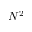
N ^ { 2 }
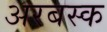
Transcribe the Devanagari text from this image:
अरबस्क
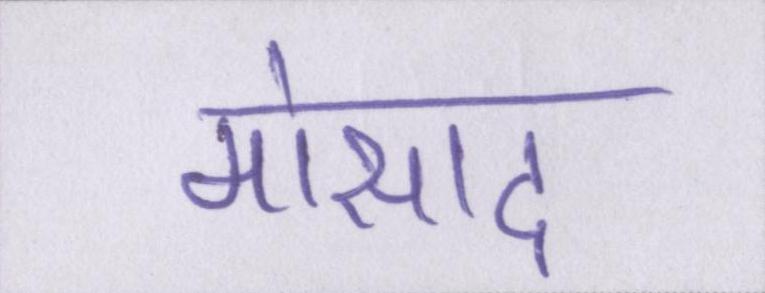
मोसाद
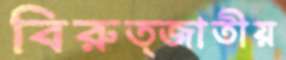
বিরুত্জাতীয়
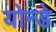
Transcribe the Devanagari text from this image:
योन्डे
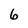
Character: 6
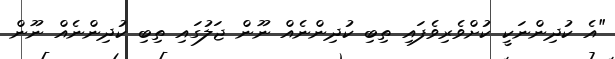
"އެ ކުދިންނަކީ ކުށްވެރިވެފައި ތިބި ކުދިންނެއް ނޫން ޖަލުގައި ތިބި ކުދިންނެއް ނޫން
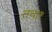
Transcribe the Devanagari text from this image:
तथा१
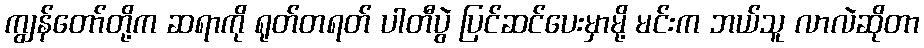
ကျွန်တော်တို့က ဆရာကို ရုတ်တရတ် ပါတီပွဲ ပြင်ဆင်ပေးမှာမို့ မင်းက ဘယ်သူ လာလဲဆိုတာ
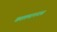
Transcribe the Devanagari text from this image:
कालमापनास
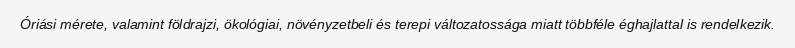
Óriási mérete, valamint földrajzi, ökológiai, növényzetbeli és terepi változatossága miatt többféle éghajlattal is rendelkezik.
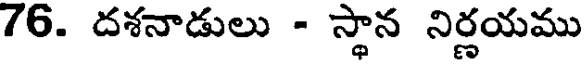
76. దశనాడులు - స్థాన నిర్ణయము
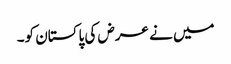
میں نے عرض کی پاکستان کو۔
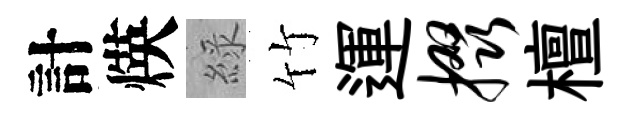
計煐綠竹運掇檀
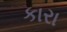
કારા
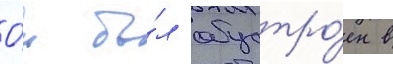
О́н бы́л обустро́ен в
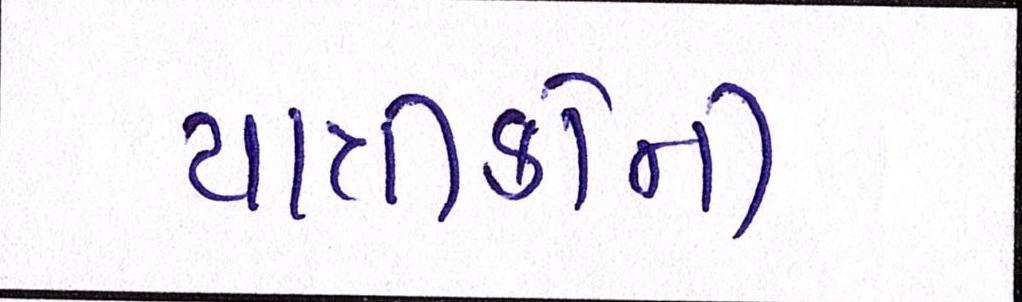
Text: યાત્રીકોની
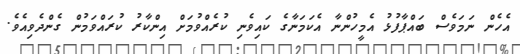
އެހެން ނަމަވެސް ބައްޕާފުޅު އެމީހުންނާ އެކަމަނާގެ ކައިވެނި ކުރެއްވުމަށް އިންކާރު ކުރައްވަމުން ގެންދެވިއެވެ.
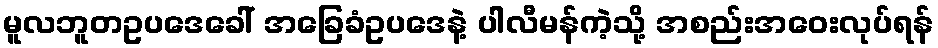
မူလဘူတဥပဒေခေါ် အခြေခံဥပဒေနဲ့ ပါလီမန်ကဲ့သို့ အစည်းအဝေးလုပ်ရန်
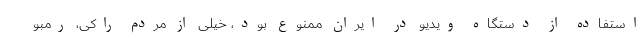
استفاده از دستگاه ویدیو در ایران ممنوع بود، خیلی از مردم راکی، رمبو
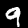
Digit: 9
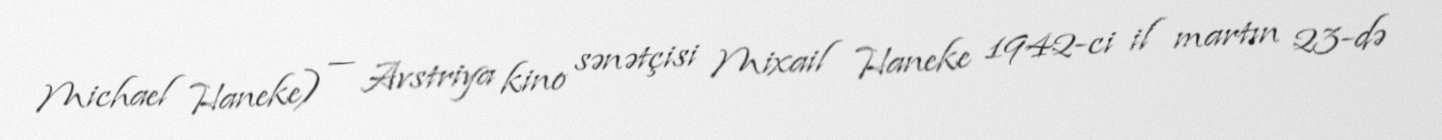
Michael Haneke) — Avstriya kino sənətçisi Mixail Haneke 1942-ci il martın 23-də
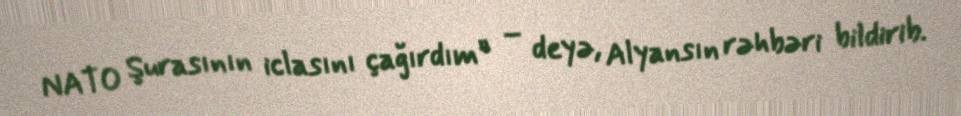
NATO Şurasının iclasını çağırdım” – deyə, Alyansın rəhbəri bildirib.
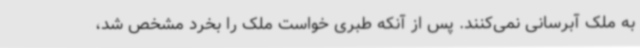
به ملک آبرسانی نمی‌کنند. پس از آنکه طبری خواست ملک را بخرد مشخص شد،
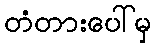
တံတားပေါ်မှ
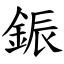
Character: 鋠
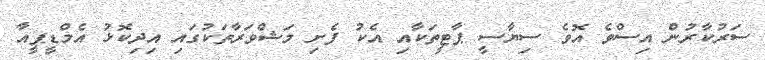
ސަރުކާރުން އިސްވެ އޮވެ ސިޔާސީ ޕާޓީތަކާއި އެކު ފެށި މަޝްވަރާތަކުގައި އިދިކޮޅު އެމްޑީޕީއާ
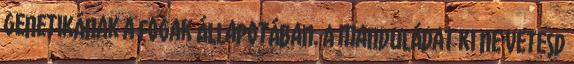
genetikának a fogak állapotában. A manduládat ki ne vetesd
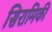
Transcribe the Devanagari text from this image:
सिरामिकी
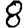
Digit: 8
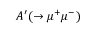
A ^ { \prime } ( \rightarrow \mu ^ { + } \mu ^ { - } )
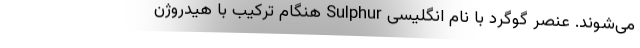
می‌شوند. عنصر گوگرد با نام انگلیسی Sulphur هنگام ترکیب با هیدروژن
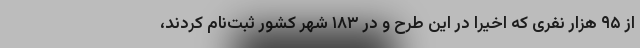
از ۹۵ هزار نفری که اخیرا در این طرح و در ۱۸۳ شهر کشور ثبت‌نام کردند،
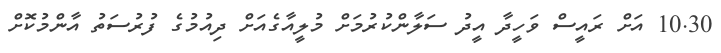
10.30 އަށް ރައީސް ވަހީދާ އީދު ސަލާންކުރުމަށް މުލީއާގެއަށް ދިއުމުގެ ފުރުސަތު އާންމުކޮށް
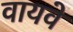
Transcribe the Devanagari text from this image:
वायवे
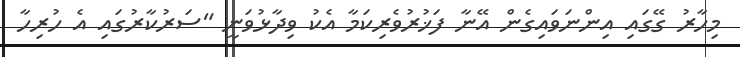
މިހާރު ގޭގައި އިންނަވައިގެން އޭނާ ފަޚުރުވެރިކަމާ އެކު ވިދާޅުވަނީ "ސަރުކާރުގައި އެ ހުރިހާ
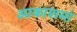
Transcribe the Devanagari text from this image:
आकाशमां
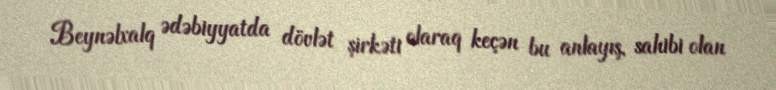
Beynəlxalq ədəbiyyatda dövlət şirkəti olaraq keçən bu anlayış, sahibi olan
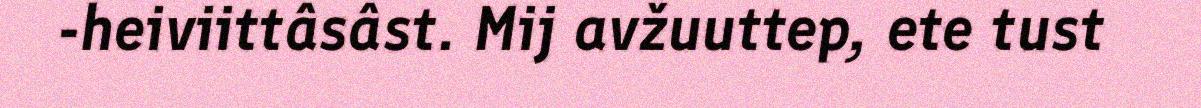
-heiviittâsâst. Mij avžuuttep, ete tust
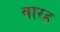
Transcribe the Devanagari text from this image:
बारह
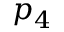
p _ { 4 }
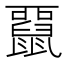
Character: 𪕢
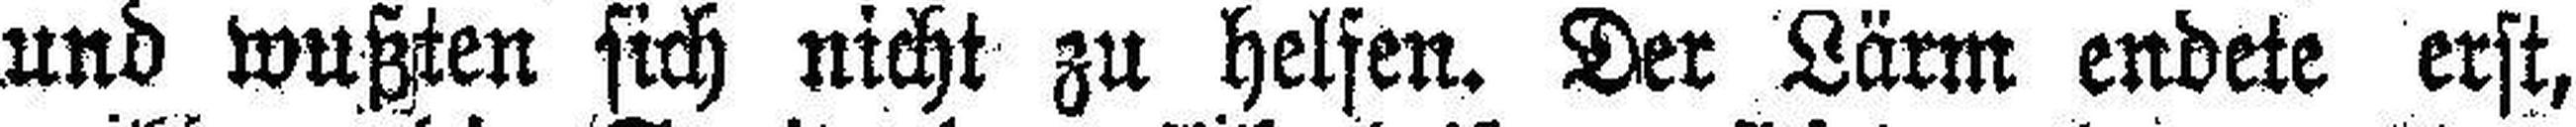
und wußten sich nicht zu helfen. Der Lärm endete erst,
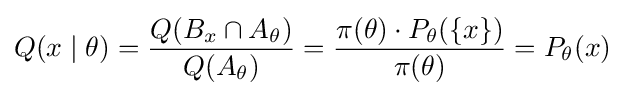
◇ ◇ ◇
Set the pictures aside and restate word for word only the lines from the line containing "Character: 鋠" through the end of the entries above, both included.

Character: 鋠
ސަރުކާރުން އިސްވެ އޮވެ ސިޔާސީ ޕާޓީތަކާއި އެކު ފެށި މަޝްވަރާތަކުގައި އިދިކޮޅު އެމްޑީޕީއާ
genetikának a fogak állapotában. A manduládat ki ne vetesd
Transcribe the Devanagari text from this image:
सिरामिकी
Digit: 8
A ^ { \prime } ( \rightarrow \mu ^ { + } \mu ^ { - } )
می‌شوند. عنصر گوگرد با نام انگلیسی Sulphur هنگام ترکیب با هیدروژن
از ۹۵ هزار نفری که اخیرا در این طرح و در ۱۸۳ شهر کشور ثبت‌نام کردند،
10.30 އަށް ރައީސް ވަހީދާ އީދު ސަލާންކުރުމަށް މުލީއާގެއަށް ދިއުމުގެ ފުރުސަތު އާންމުކޮށް
Transcribe the Devanagari text from this image:
वायवे
މިހާރު ގޭގައި އިންނަވައިގެން އޭނާ ފަޚުރުވެރިކަމާ އެކު ވިދާޅުވަނީ "ސަރުކާރުގައި އެ ހުރިހާ
Transcribe the Devanagari text from this image:
आकाशमां
Beynəlxalq ədəbiyyatda dövlət şirkəti olaraq keçən bu anlayış, sahibi olan
-heiviittâsâst. Mij avžuuttep, ete tust
Transcribe the Devanagari text from this image:
बारह
p _ { 4 }
Character: 𪕢
und wußten sich nicht zu helfen. Der Lärm endete erst,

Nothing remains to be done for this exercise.